Autre cas fréquent : le logement se trouve dans une copropriété. Le propriétaire peut conserver une provision pour régularisation de charges, mais cette provision ne doit pas dépasser 20 % du dépôt de garantie. Le solde doit ensuite être régularisé dans le mois qui suit l’approbation définitive des comptes de l’immeuble. Découvrez notre article sur 12 millions de propriétaires concernés par ce nouvel arrêté : ces fissures peuvent coûter jusqu’à 16 500 euros de travaux.

La pénalité de 10 % peut vite devenir douloureuse

Lorsque le dépôt de garantie n’est pas rendu dans les délais, le montant dû au locataire est augmenté d’une somme égale à 10 % du loyer mensuel hors charges pour chaque mois de retard commencé.

Exemple concret : vous payiez 850 euros de loyer hors charges. Votre état des lieux de sortie n’était pas conforme, donc le propriétaire avait deux mois pour rendre le dépôt de garantie restant dû. Si deux mois de retard supplémentaires sont entamés après cette limite, la pénalité peut atteindre 170 euros : 85 euros par mois commencé.

Ce calcul ne dépend pas du montant du dépôt de garantie, mais du loyer mensuel hors charges. C’est ce qui rend la sanction parfois plus lourde que prévu, surtout quand le dossier traîne plusieurs mois.

La page officielle de Service-Public.fr donne aussi un exemple chiffré : pour un dépôt de garantie de 90 euros, un loyer hors charges de 120 euros et 5 mois de retard, la pénalité atteint 60 euros, soit 150 euros au total à rendre au locataire.

Mais attention au piège le plus bête : cette pénalité ne s’applique pas si le retard vient du fait que le locataire n’a pas indiqué sa nouvelle adresse au propriétaire ou à l’agence lors de la remise des clés. Donner sa nouvelle adresse, et idéalement son RIB, n’est donc pas un détail administratif.

Comment réclamer sans se tirer une balle dans le pied

La première étape consiste à mettre en demeure le propriétaire ou l’agence de restituer le dépôt de garantie et de payer la pénalité. Cette demande doit être envoyée par lettre recommandée avec avis de réception.

Dans le courrier, mieux vaut rester factuel : date de remise des clés, montant du dépôt de garantie, loyer mensuel hors charges, délai légal applicable, nombre de mois de retard commencés et somme réclamée. C’est moins spectaculaire qu’un message énervé, mais beaucoup plus utile si le dossier doit aller plus loin.

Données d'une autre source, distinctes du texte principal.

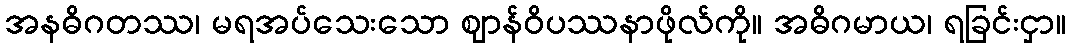
အနဓိဂတဿ၊ မရအပ်သေးသော ဈာန်ဝိပဿနာဖိုလ်ကို။ အဓိဂမာယ၊ ရခြင်းငှာ။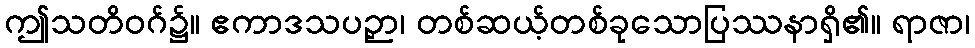
ဤသတိဝဂ်၌။ ဧကာဒသပဉှာ၊ တစ်ဆယ့်တစ်ခုသောပြဿနာရှိ၏။ ရာဇာ၊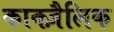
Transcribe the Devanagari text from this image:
काक्ज़ैलिक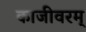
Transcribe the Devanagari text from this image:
काजीवरम्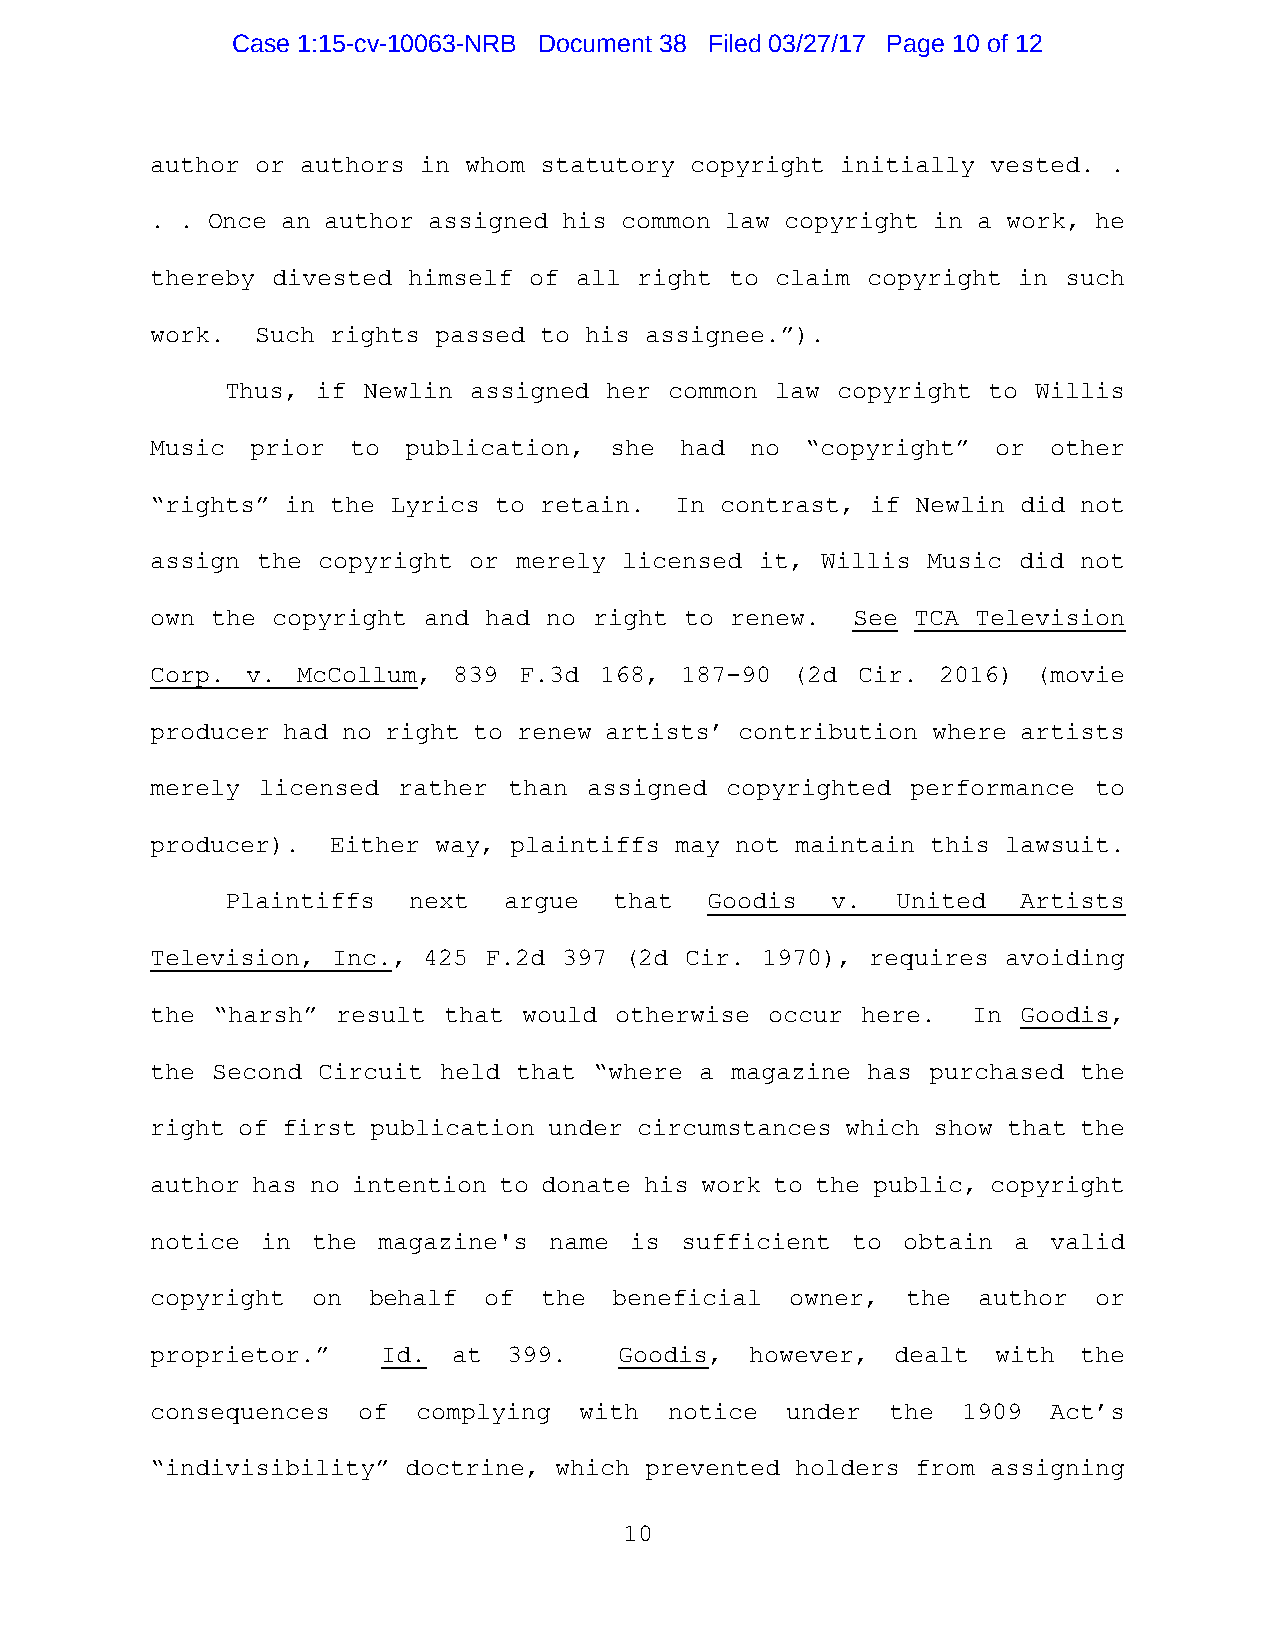
Case 1:15-cv-10063-NRB Document 38 Filed 03/27/17 Page 10 of 12
 author or authors in whom statutory copyright initially vested. .
 . . Once an author assigned his common law copyright in a work, he
 thereby divested himself of all right to claim copyright in such
 work.  Such rights passed to his assignee.”).
 Thus, if Newlin assigned her common law copyright to  Willis
 Music  prior to  publication, she  had  no “copyright”  or  other
 “rights” in the Lyrics to retain.  In contrast, if Newlin did not
 assign the copyright or merely licensed it, Willis Music did  not
 own the copyright and had no right to renew.  See  TCA Television
 Corp. v.  McCollum, 839 F.3d  168, 187-90 (2d  Cir. 2016)  (movie
 producer had no right to renew artists’ contribution where artists
 merely licensed rather  than assigned copyrighted performance to
 producer).  Either way, plaintiffs may not maintain this lawsuit.
 Plaintiffs  next  argue   that  Goodis  v.  United   Artists
 Television, Inc., 425 F.2d 397 (2d Cir. 1970),  requires avoiding
 the “harsh” result that  would otherwise occur here.  In  Goodis,
 the Second Circuit held that “where a magazine has purchased  the
 right of first publication under circumstances which show that the
 author has no intention to donate his work to the public, copyright
 notice in  the magazine's name  is sufficient to  obtain a  valid
 copyright  on behalf  of  the  beneficial owner,  the  author  or
 proprietor.”   Id.  at  399.   Goodis,  however, dealt  with  the
 consequences  of  complying with  notice  under  the  1909  Act’s
 “indivisibility” doctrine, which prevented holders from assigning
 10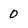
Character: 0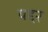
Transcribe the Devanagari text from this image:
यद्दर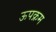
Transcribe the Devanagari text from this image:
ऊपक्रम

Si le propriétaire refuse malgré la lettre recommandée, la suite dépend du montant dû. Pour une somme inférieure à 5 000 euros, le locataire doit d’abord passer par une démarche amiable : conciliateur de justice, commission départementale de conciliation ou médiateur civil. Les deux premières solutions sont gratuites.

Au-delà de 5 000 euros, le locataire peut directement saisir le juge des contentieux de la protection du tribunal dont dépend le logement. Il peut aussi tenter une démarche amiable avant, si cela semble plus rapide ou moins conflictuel.

Le délai pour saisir le juge est de 3 ans à partir du jour où le dépôt de garantie aurait dû être rendu. Attendre « pour voir » peut donc coûter cher, surtout si les preuves se perdent avec le temps.

Dernière erreur à éviter : ne pas payer le dernier mois de loyer en pensant récupérer ainsi sa caution. Le locataire doit payer le loyer et les charges jusqu’à la fin du bail. Déduire soi-même le dépôt de garantie du dernier loyer est illégal et peut retourner la situation contre lui. Retrouvez aussi notre article sur une taxe de 100 € pour les propriétaires de chiens ? Cette ancienne mesure pourrait refaire parler d’elle pour aller chercher 1 Md.

En pratique, le bon réflexe tient en quatre gestes : garder la preuve de remise des clés, donner sa nouvelle adresse, demander des justificatifs en cas de retenue, puis envoyer une mise en demeure si le délai légal est dépassé.